Okay ... so previously I've broken a mortgage to get a better rate and 
paid out a mortgage when I was not buying a replacement property fast enough.

I am now approaching renewal with a different situation. Specifically, I 
have a mortgage with HELOC coming due in about a year and a half,
that will probably have about $35K left on the mortgage.


Some questions about my options for renewal day:

a) can I write a cheque on the HELOC paying off the $35K mortgage?
If so, will the HELOC terms stay the same?

b) if I move the mortgage to another institution, does new institution
take on the HELOC as well? If so, same terms or re-negotiation?
(i.e. when I talk to other institutions, do I need to negotiate mortgage
plus HELOC terms?)

c) if I sell some enough investments to pay-off the mortgage and keep 
the HELOC, can the HELOC terms be revised to my detriment? 



Cheers


----------



## Shayne (Apr 3, 2009)

You should really be asking your lender, but I will answer based on my knowledge of a couple of lenders.

A. Yes, No. 

B. No. You have to negotiate again.

C. No.


----------



## Eclectic12 (Oct 20, 2010)

Shayne said:


> You should really be asking your lender, but I will answer based on my knowledge of a couple of lenders.
> 
> A. Yes, No.
> 
> ...


The plan is to talk to the vendor.

However, I've always found it useful to see what others have experienced. That way if anything strange comes up - I know to dig further.


Cheers


----------



## houska (Feb 6, 2010)

Eclectic12 said:


> c) if I sell some enough investments to pay-off the mortgage and keep
> the HELOC, can the HELOC terms be revised to my detriment?
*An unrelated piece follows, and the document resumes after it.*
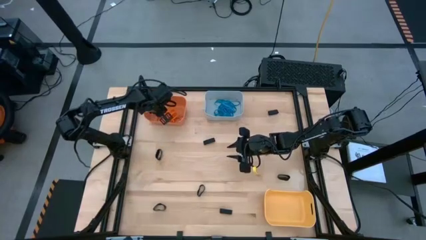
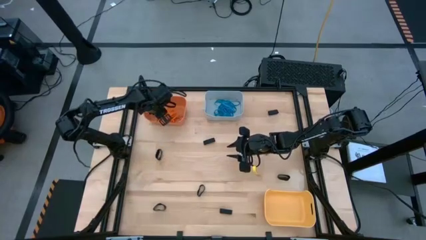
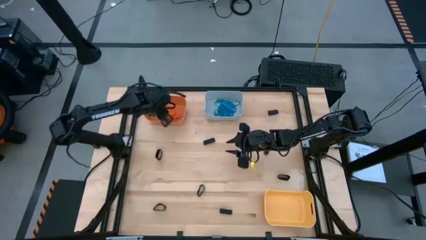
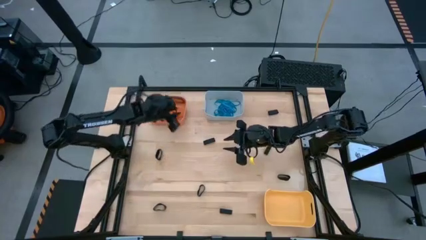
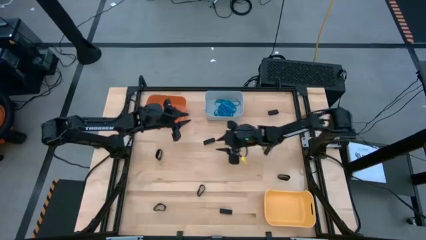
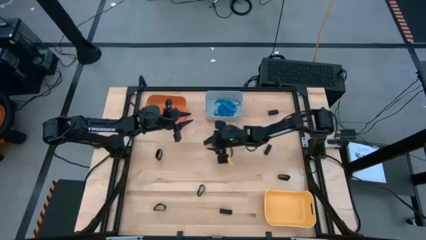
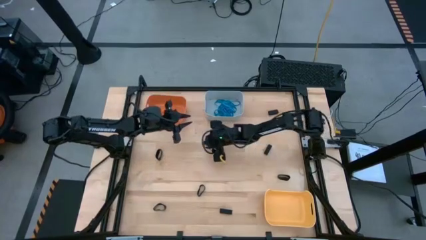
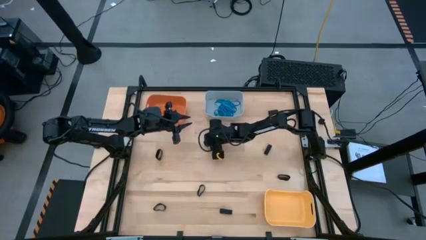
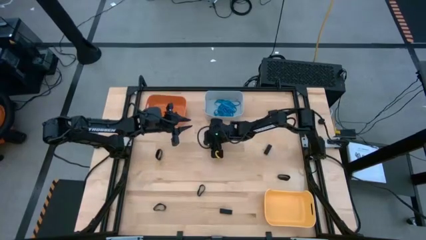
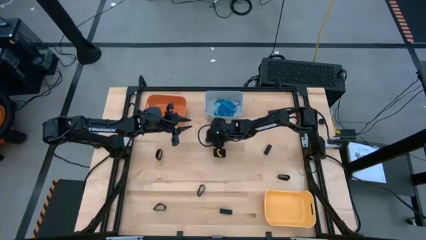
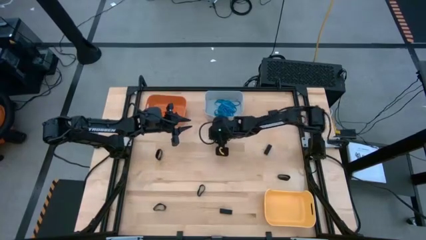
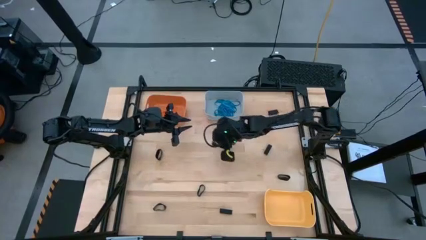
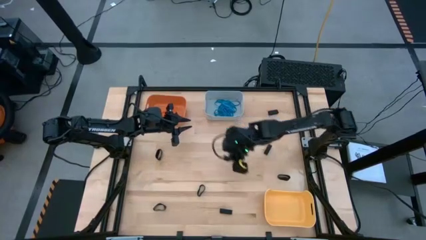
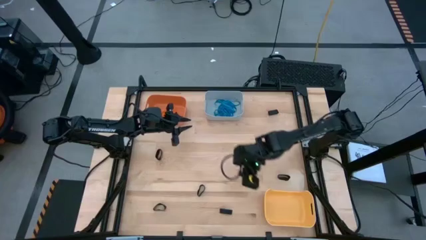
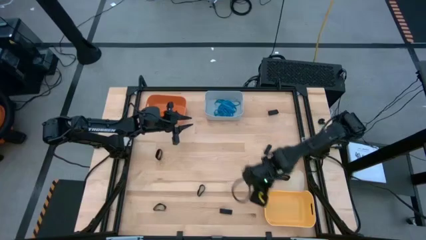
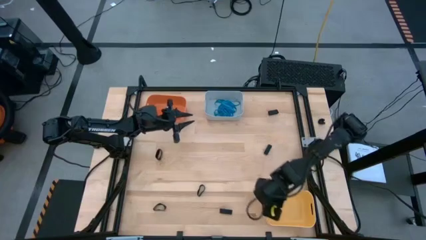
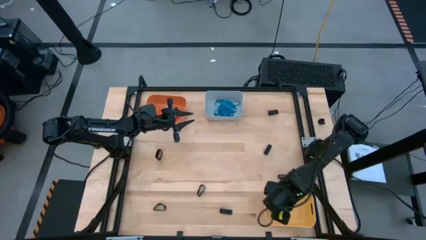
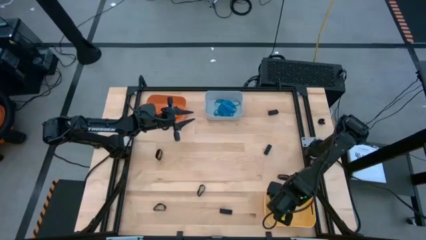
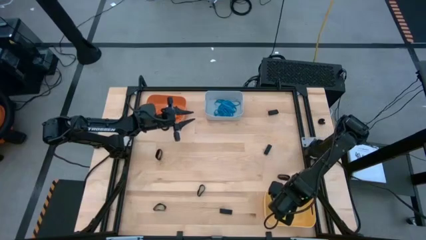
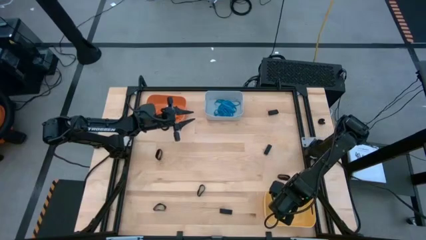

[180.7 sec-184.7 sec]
Task: Sort rubber bands into baskets
Put the black rubberband into the yellow bin

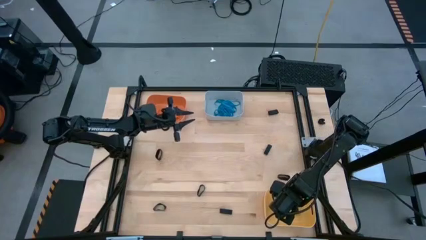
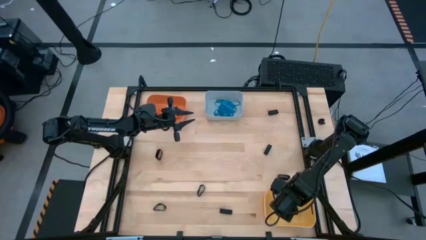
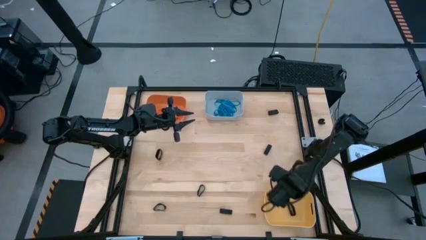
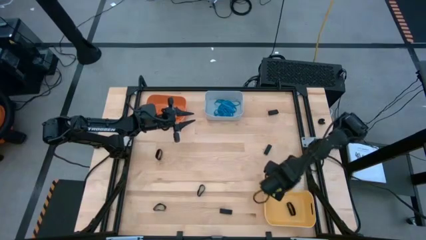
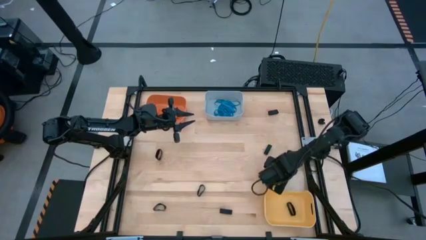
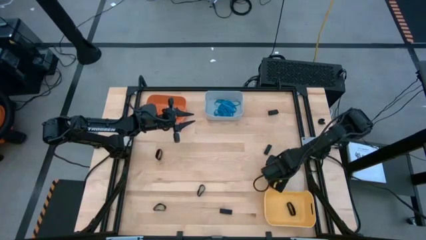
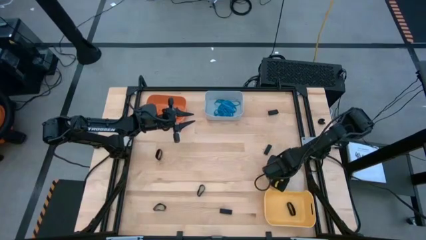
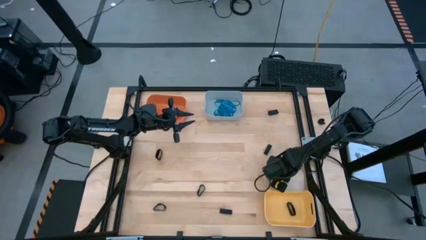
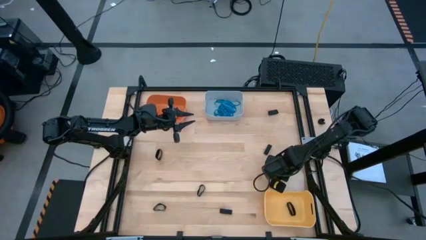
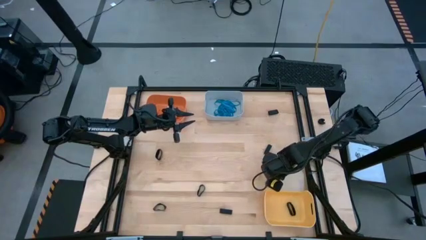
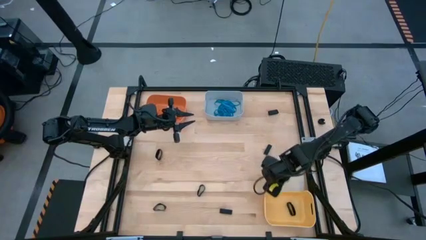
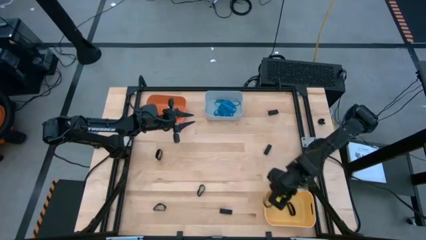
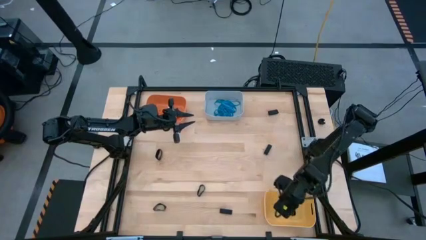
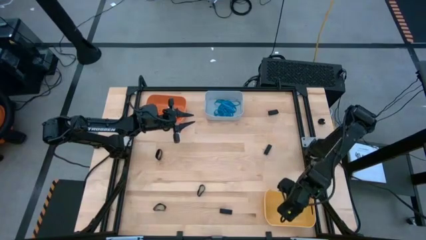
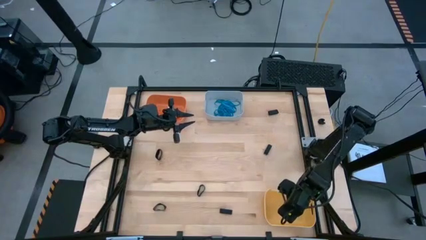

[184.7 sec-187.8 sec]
Put the black rubberband into the yellow bin

Sounds as if you have both nonregistered investments and a mortgage. You may already be doing a sophisticated leveraged investing / tax deductibility of interest manoeuvre. If not, and you do not currently deduct your mortgage interest as an investment expense, you could consider making sure your refinancing allows you to lock this in as "free money" from the government.


----------



## Eclectic12 (Oct 20, 2010)

houska said:


> Sounds as if you have both nonregistered investments and a mortgage. You may already be doing a sophisticated leveraged investing / tax deductibility of interest manoeuvre. If not, and you do not currently deduct your mortgage interest as an investment expense, you could consider making sure your refinancing allows you to lock this in as "free money" from the government.


Hmmm ... I'm already using the equity in my home via a Home Equity Line of Credit (HELOC) to fund investment buying, which makes the HELOC interest tax deductible.

I've never heard of a way to deduct the actual mortgage interest.


Can you explain this?


----------